After the Mass the Italians were allowed to socialize for a little while outside. From the truck, Alice saw they were passing around a newspaper and discussing it excitedly, some laughing as if it were good news. An Italian officer, apparently trusted by the authorities, soon told them to break up and depart, either to walk back to their allocated farms or to the trucks of their allocated farmers.
Duncan, who had shown no interest in her adventure inside, now took to the front seat of the truck and so did she. They watched without a word as Giancarlo separated himself from the vocal group, arrived, and prepared to launch himself into the tray of the truck. Alice looked through the rear window to observe the imminent grace of the vault, but Duncan called, “Hang on! Tell us what all the excitement’s about, Johnny.”
Giancarlo canceled his jump and moved respectfully to Duncan’s window. From her side of the truck Alice could see his face—a liveliness there. He had got it from mixing with his own kind. It made her anxious. “It is a Corriere di Campo—a prisoner newspaper made in another camp and sent us. Antifascismo. It say in print the British want use Italian mechanic—in factory—and send the young back in the war. Maybe, too, the Australia want that same thing. Italia antifascismo now.”
He said it so lightly. But the story had not only increased her anxiety but brought out something close to anger. For he was thinking of the end, too, and it wasn’t—in her mind—his business to do that.
“But you weren’t on our side when you were taken prisoner,” she said. He stood, instantly chastened, in the Sabbath light. Within a few seconds she regretted that meanness.
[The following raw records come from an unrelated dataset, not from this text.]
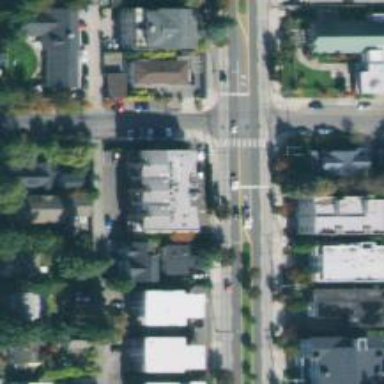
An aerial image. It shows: Secondary road with separate sidewalks.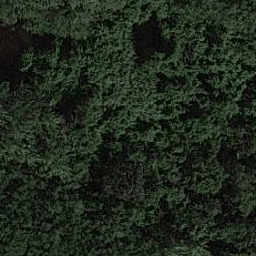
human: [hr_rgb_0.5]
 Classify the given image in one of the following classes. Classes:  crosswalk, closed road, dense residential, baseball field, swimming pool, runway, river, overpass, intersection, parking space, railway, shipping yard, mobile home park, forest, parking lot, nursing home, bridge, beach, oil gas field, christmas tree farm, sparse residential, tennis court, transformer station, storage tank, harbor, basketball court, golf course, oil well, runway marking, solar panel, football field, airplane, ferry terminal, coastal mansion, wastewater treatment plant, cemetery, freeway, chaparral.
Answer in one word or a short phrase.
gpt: forest
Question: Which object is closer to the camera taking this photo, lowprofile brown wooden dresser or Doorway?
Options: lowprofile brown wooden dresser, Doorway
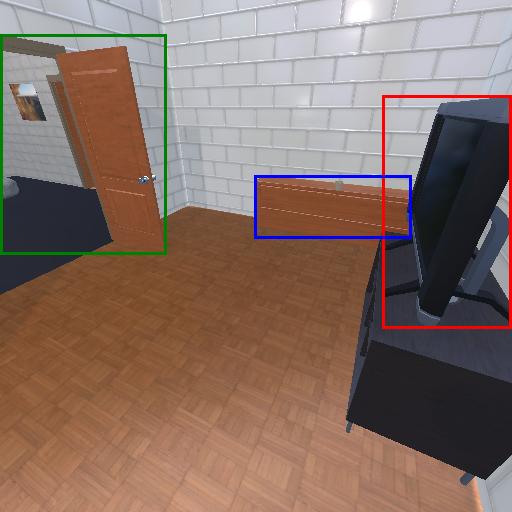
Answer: lowprofile brown wooden dresser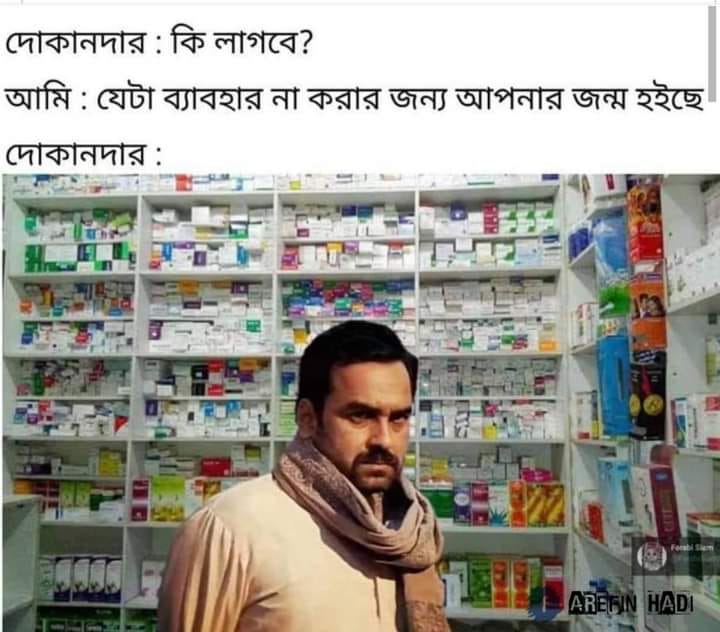
Text: দোকানদার: কি লাগবে ? আমিঃ যেটা ব্যবহার না করার জন্য আপনার জন্ম হইছে দোকানদার:
Label: Non Hate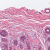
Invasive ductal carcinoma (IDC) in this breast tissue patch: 0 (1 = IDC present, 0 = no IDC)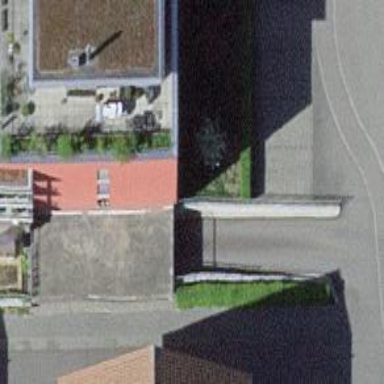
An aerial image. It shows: Parking entrance.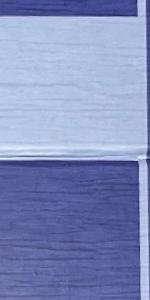
Label: Empty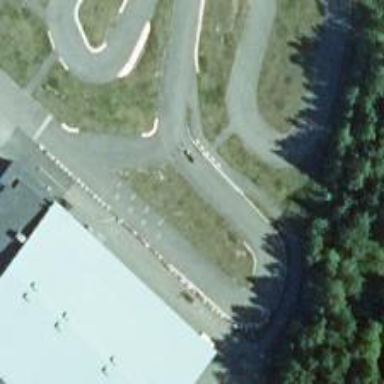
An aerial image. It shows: Karting raceway.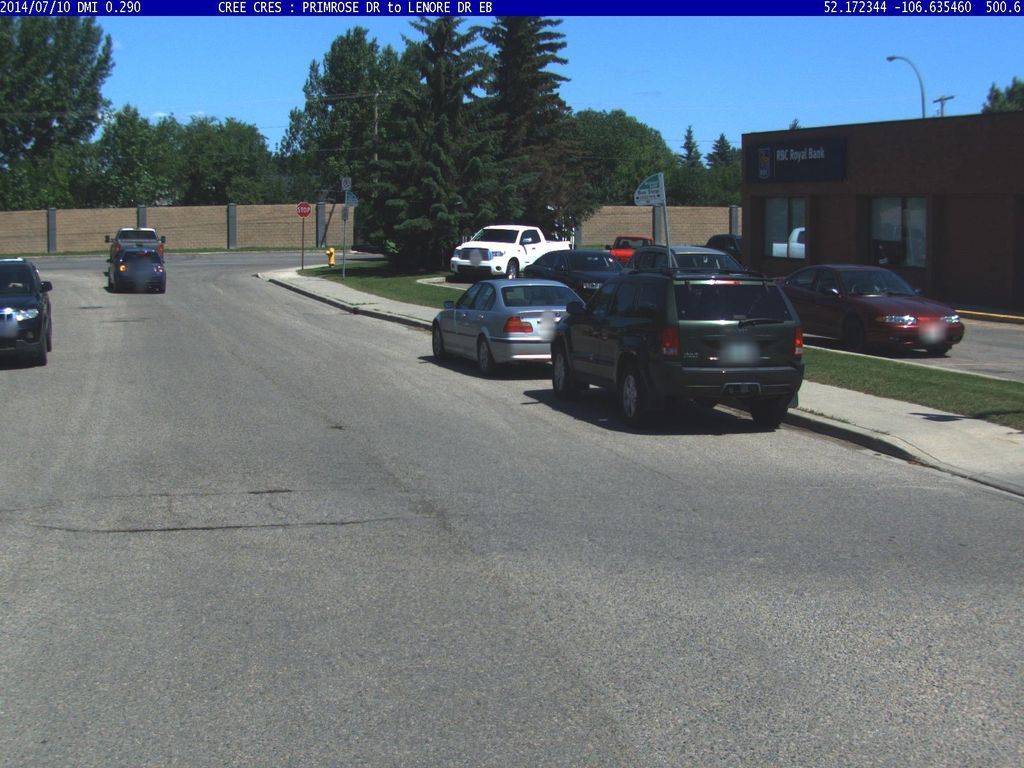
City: saskatoon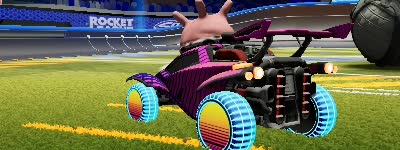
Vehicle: octane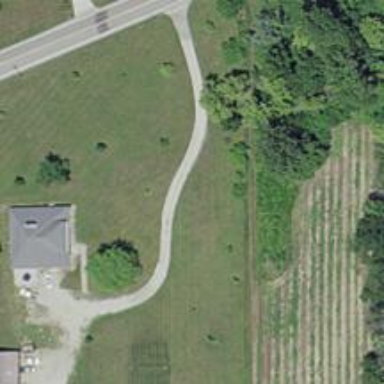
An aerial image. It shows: Driveway.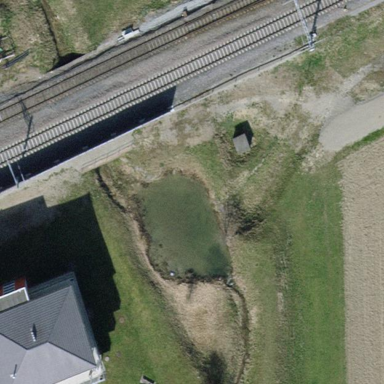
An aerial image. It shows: Pond surrounded by natural water.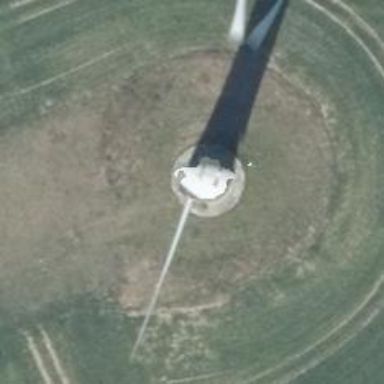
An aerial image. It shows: Wind generator powered by horizontal axis wind turbine.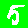
Digit: 5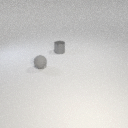
small gray metal cylinder to the right of small gray rubber sphere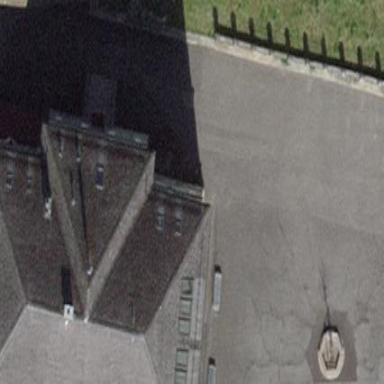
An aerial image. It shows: School building.
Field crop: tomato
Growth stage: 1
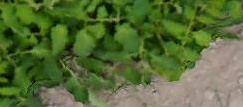
Species: tomato

It had been there, too, in the supposed honesty with which she’d told off Mrs. Cathcart. She was by some lights proud of that encounter, by others frightened she had somehow become an acid woman. She could feel his confusion too. That she’d so randomly reminded him that she had all the power.
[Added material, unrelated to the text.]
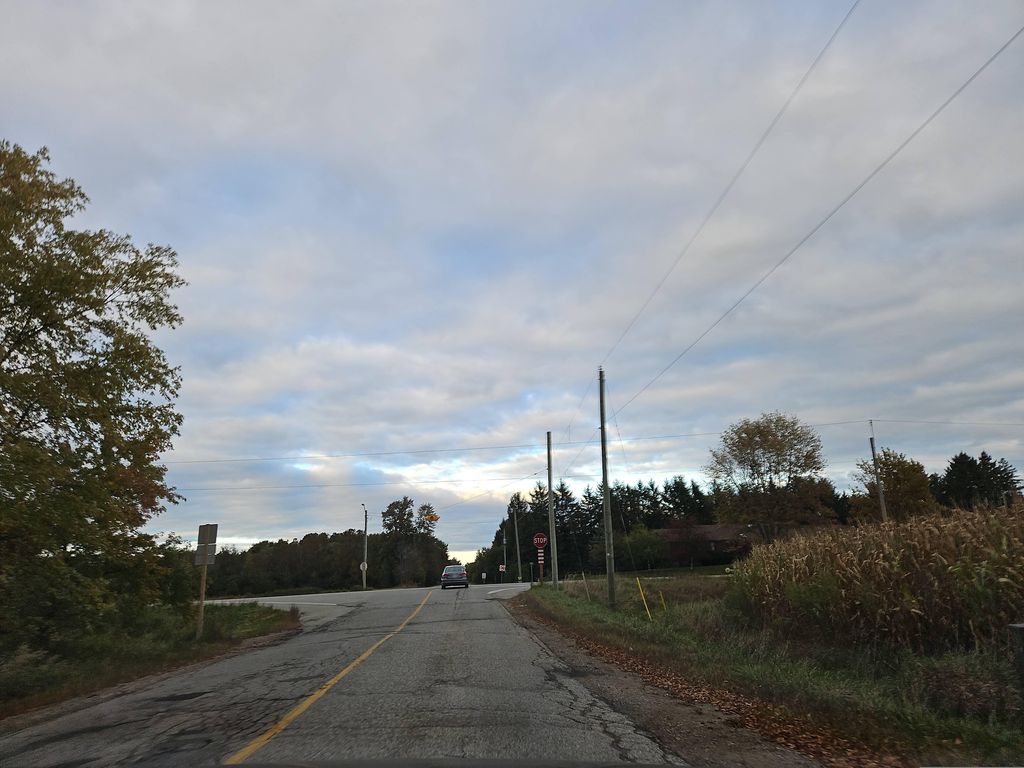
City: kitchener-waterloo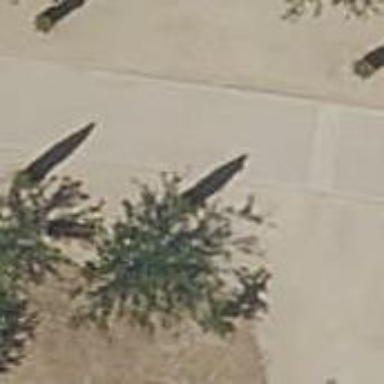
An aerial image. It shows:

“Well,” said benign and stupid Duncan, “we’ll face up to losing you when it happens,
Johnny. Hop in the back.” She heard him leap, one hand on the truck, onto the rear tray. She looked back through the glass behind her and saw his well-made and bemused face and his profound eyes, both young and aged at the same time, and puzzled. She could not continue inspecting him much longer with her head turned—pretense was back, and she wanted her interest to appear casual to Duncan.
The news from the camps rendered her skittish—as she would have acknowledged to a confidante, if she’d had one. But, if she took a respite from her certainty that he would put a closure to things, the earth, in occasionally allowed mad spates of imagination, had also expanded with new chances—a shift in hemisphere, the contour of foreign earth and new terrain, Italian towns, the taking in of a new language through the pores of her delight. Wife of the meccanico anarchico.
The spoilsport within convinced her at most hours of the absurdity of these delusions, but there were also hours on end during which they seemed ordained and definite. In the coming days, which were days of painful abstinence mutually embarked upon by her and Giancarlo, she studied more intently the copies of the Herald Duncan got, and scoured the maps of the Allied line in southern Italy, its flanks and its center, looking for that mass of Allied victory that might mean the repatriation of Giancarlo.
Naples had fallen, Giancarlo’s parents were safe, she knew, though he rarely mentioned them. The line had advanced to the south of Rome. In its wake, Frattamaggiore and a thousand other places were repairing themselves and looking for nourishment.
The armies of the right side had not yet liberated Neville. But would the whole affair resolve itself into a race between Neville’s repatriation and Giancarlo’s? Could she let poor Neville be victim of some kind of race? When she was halfway undeluded, she knew matters wouldn’t resolve themselves in such a theatrical way.